### Your objective
The entries are to be reproduced verbatim, with all pictures omitted.

Exercise input START

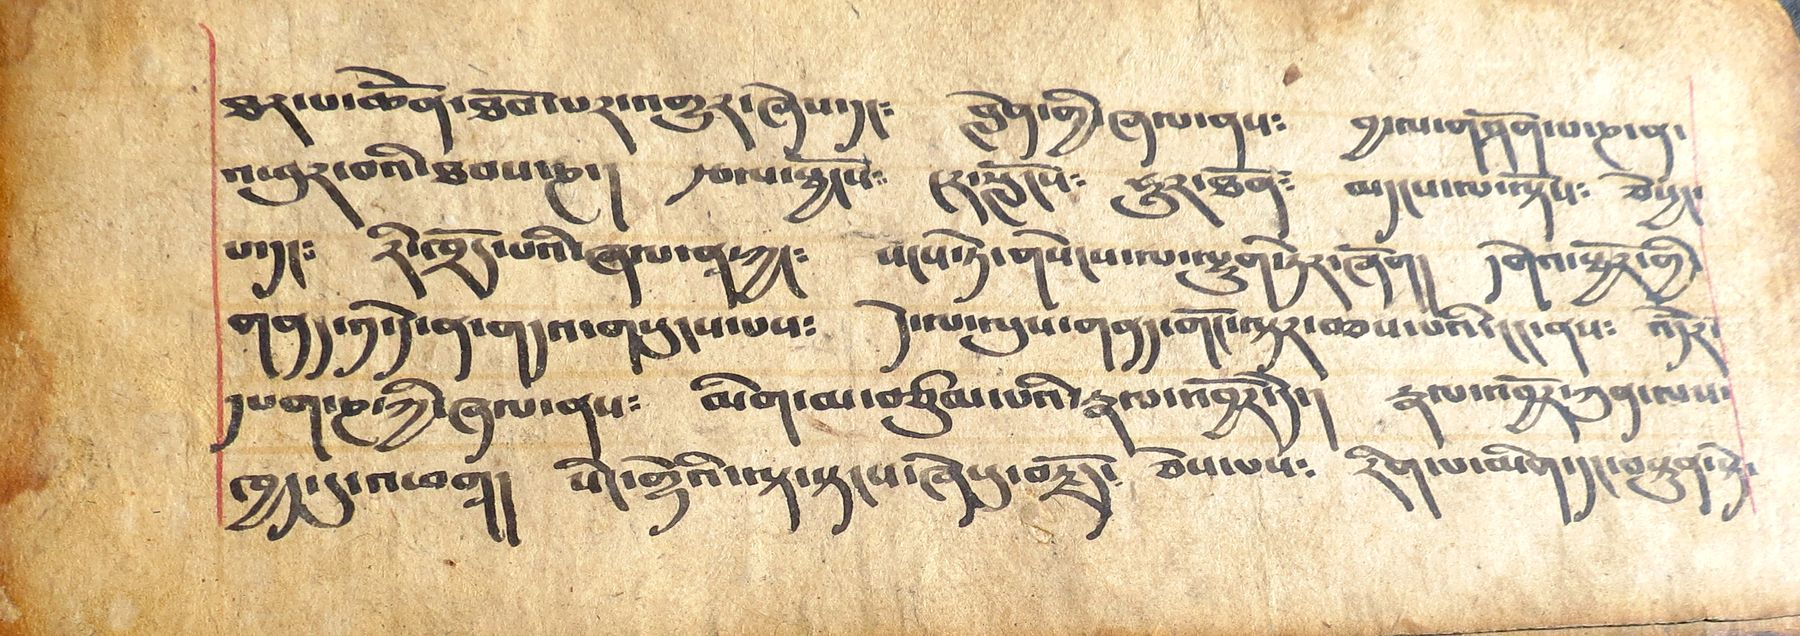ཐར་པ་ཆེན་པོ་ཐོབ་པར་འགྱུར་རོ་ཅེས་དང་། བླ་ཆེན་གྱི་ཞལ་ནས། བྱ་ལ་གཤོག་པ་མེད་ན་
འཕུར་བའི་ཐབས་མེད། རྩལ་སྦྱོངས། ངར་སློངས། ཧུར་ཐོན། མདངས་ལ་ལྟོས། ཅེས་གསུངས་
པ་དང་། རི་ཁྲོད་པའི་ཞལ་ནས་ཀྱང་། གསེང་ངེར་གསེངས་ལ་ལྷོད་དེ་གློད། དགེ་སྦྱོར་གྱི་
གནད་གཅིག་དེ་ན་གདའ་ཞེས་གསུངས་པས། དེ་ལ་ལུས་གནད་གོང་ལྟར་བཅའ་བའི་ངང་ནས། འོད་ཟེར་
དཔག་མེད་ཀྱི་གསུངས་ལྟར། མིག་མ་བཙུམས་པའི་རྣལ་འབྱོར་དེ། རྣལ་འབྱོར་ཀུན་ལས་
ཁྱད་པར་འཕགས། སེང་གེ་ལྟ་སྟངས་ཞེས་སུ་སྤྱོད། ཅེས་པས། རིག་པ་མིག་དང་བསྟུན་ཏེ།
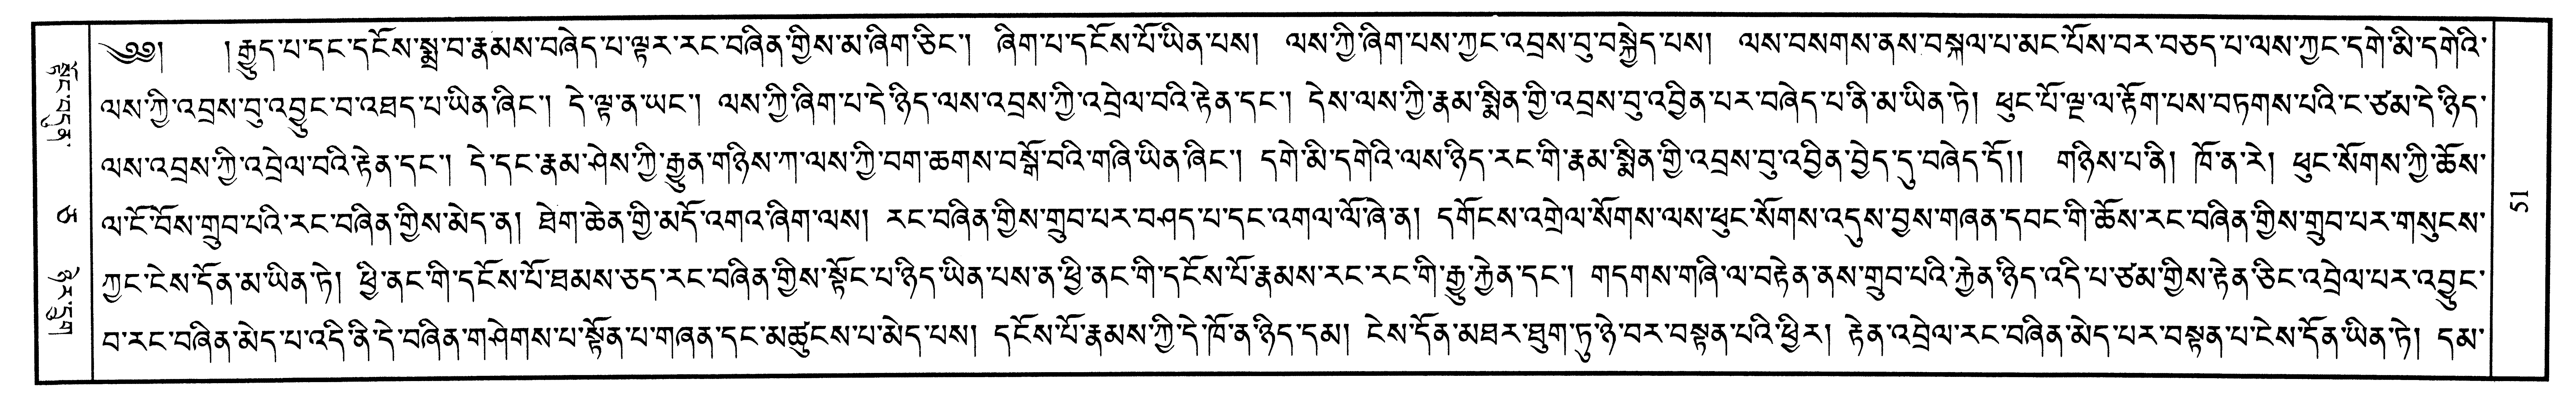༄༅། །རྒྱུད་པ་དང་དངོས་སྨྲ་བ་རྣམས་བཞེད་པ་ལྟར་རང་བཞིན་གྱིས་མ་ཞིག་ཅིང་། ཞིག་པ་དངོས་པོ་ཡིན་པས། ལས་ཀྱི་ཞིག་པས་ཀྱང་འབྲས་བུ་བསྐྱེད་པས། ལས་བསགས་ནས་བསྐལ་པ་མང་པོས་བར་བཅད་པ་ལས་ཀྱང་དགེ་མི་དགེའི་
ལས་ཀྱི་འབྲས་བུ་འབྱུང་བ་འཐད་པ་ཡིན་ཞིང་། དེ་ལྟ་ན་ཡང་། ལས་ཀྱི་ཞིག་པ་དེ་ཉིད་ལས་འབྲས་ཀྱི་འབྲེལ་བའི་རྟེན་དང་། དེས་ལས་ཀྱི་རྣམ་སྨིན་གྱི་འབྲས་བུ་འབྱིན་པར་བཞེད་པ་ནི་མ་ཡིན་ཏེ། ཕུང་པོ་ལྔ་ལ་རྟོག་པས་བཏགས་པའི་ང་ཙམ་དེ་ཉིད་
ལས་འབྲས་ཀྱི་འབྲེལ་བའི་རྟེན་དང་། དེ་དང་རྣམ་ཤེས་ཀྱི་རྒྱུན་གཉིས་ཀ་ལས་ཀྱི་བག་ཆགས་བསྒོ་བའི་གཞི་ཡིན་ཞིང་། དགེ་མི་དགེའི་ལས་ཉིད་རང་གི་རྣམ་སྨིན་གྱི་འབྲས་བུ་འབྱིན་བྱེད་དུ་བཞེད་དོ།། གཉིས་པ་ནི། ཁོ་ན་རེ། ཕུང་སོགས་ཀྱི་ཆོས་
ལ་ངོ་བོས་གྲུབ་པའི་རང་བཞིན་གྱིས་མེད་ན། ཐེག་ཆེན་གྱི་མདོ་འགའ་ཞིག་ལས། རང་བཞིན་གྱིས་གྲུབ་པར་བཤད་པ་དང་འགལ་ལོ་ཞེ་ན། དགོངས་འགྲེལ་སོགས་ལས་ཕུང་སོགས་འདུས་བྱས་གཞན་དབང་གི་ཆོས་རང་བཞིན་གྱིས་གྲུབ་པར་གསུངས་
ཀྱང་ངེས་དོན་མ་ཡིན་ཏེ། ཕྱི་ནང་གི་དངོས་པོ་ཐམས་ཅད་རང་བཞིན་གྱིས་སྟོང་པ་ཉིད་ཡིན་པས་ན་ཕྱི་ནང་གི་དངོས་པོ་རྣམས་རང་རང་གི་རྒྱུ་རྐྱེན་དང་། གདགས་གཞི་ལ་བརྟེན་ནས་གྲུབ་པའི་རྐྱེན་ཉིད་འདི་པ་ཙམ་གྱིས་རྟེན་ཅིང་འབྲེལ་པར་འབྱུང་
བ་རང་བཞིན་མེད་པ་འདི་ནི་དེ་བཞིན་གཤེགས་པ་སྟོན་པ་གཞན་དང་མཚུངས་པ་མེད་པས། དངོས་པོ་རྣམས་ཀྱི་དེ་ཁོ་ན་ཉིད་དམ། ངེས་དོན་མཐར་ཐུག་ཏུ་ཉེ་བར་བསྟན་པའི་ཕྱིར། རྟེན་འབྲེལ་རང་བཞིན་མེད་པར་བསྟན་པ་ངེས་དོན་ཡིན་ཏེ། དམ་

Exercise input END

### Response to this task
ཐར་པ་ཆེན་པོ་ཐོབ་པར་འགྱུར་རོ་ཅེས་དང་། བླ་ཆེན་གྱི་ཞལ་ནས། བྱ་ལ་གཤོག་པ་མེད་ན་
འཕུར་བའི་ཐབས་མེད། རྩལ་སྦྱོངས། ངར་སློངས། ཧུར་ཐོན། མདངས་ལ་ལྟོས། ཅེས་གསུངས་
པ་དང་། རི་ཁྲོད་པའི་ཞལ་ནས་ཀྱང་། གསེང་ངེར་གསེངས་ལ་ལྷོད་དེ་གློད། དགེ་སྦྱོར་གྱི་
གནད་གཅིག་དེ་ན་གདའ་ཞེས་གསུངས་པས། དེ་ལ་ལུས་གནད་གོང་ལྟར་བཅའ་བའི་ངང་ནས། འོད་ཟེར་
དཔག་མེད་ཀྱི་གསུངས་ལྟར། མིག་མ་བཙུམས་པའི་རྣལ་འབྱོར་དེ། རྣལ་འབྱོར་ཀུན་ལས་
ཁྱད་པར་འཕགས། སེང་གེ་ལྟ་སྟངས་ཞེས་སུ་སྤྱོད། ཅེས་པས། རིག་པ་མིག་དང་བསྟུན་ཏེ།
༄༅། །རྒྱུད་པ་དང་དངོས་སྨྲ་བ་རྣམས་བཞེད་པ་ལྟར་རང་བཞིན་གྱིས་མ་ཞིག་ཅིང་། ཞིག་པ་དངོས་པོ་ཡིན་པས། ལས་ཀྱི་ཞིག་པས་ཀྱང་འབྲས་བུ་བསྐྱེད་པས། ལས་བསགས་ནས་བསྐལ་པ་མང་པོས་བར་བཅད་པ་ལས་ཀྱང་དགེ་མི་དགེའི་
ལས་ཀྱི་འབྲས་བུ་འབྱུང་བ་འཐད་པ་ཡིན་ཞིང་། དེ་ལྟ་ན་ཡང་། ལས་ཀྱི་ཞིག་པ་དེ་ཉིད་ལས་འབྲས་ཀྱི་འབྲེལ་བའི་རྟེན་དང་། དེས་ལས་ཀྱི་རྣམ་སྨིན་གྱི་འབྲས་བུ་འབྱིན་པར་བཞེད་པ་ནི་མ་ཡིན་ཏེ། ཕུང་པོ་ལྔ་ལ་རྟོག་པས་བཏགས་པའི་ང་ཙམ་དེ་ཉིད་
ལས་འབྲས་ཀྱི་འབྲེལ་བའི་རྟེན་དང་། དེ་དང་རྣམ་ཤེས་ཀྱི་རྒྱུན་གཉིས་ཀ་ལས་ཀྱི་བག་ཆགས་བསྒོ་བའི་གཞི་ཡིན་ཞིང་། དགེ་མི་དགེའི་ལས་ཉིད་རང་གི་རྣམ་སྨིན་གྱི་འབྲས་བུ་འབྱིན་བྱེད་དུ་བཞེད་དོ།། གཉིས་པ་ནི། ཁོ་ན་རེ། ཕུང་སོགས་ཀྱི་ཆོས་
ལ་ངོ་བོས་གྲུབ་པའི་རང་བཞིན་གྱིས་མེད་ན། ཐེག་ཆེན་གྱི་མདོ་འགའ་ཞིག་ལས། རང་བཞིན་གྱིས་གྲུབ་པར་བཤད་པ་དང་འགལ་ལོ་ཞེ་ན། དགོངས་འགྲེལ་སོགས་ལས་ཕུང་སོགས་འདུས་བྱས་གཞན་དབང་གི་ཆོས་རང་བཞིན་གྱིས་གྲུབ་པར་གསུངས་
ཀྱང་ངེས་དོན་མ་ཡིན་ཏེ། ཕྱི་ནང་གི་དངོས་པོ་ཐམས་ཅད་རང་བཞིན་གྱིས་སྟོང་པ་ཉིད་ཡིན་པས་ན་ཕྱི་ནང་གི་དངོས་པོ་རྣམས་རང་རང་གི་རྒྱུ་རྐྱེན་དང་། གདགས་གཞི་ལ་བརྟེན་ནས་གྲུབ་པའི་རྐྱེན་ཉིད་འདི་པ་ཙམ་གྱིས་རྟེན་ཅིང་འབྲེལ་པར་འབྱུང་
བ་རང་བཞིན་མེད་པ་འདི་ནི་དེ་བཞིན་གཤེགས་པ་སྟོན་པ་གཞན་དང་མཚུངས་པ་མེད་པས། དངོས་པོ་རྣམས་ཀྱི་དེ་ཁོ་ན་ཉིད་དམ། ངེས་དོན་མཐར་ཐུག་ཏུ་ཉེ་བར་བསྟན་པའི་ཕྱིར། རྟེན་འབྲེལ་རང་བཞིན་མེད་པར་བསྟན་པ་ངེས་དོན་ཡིན་ཏེ། དམ་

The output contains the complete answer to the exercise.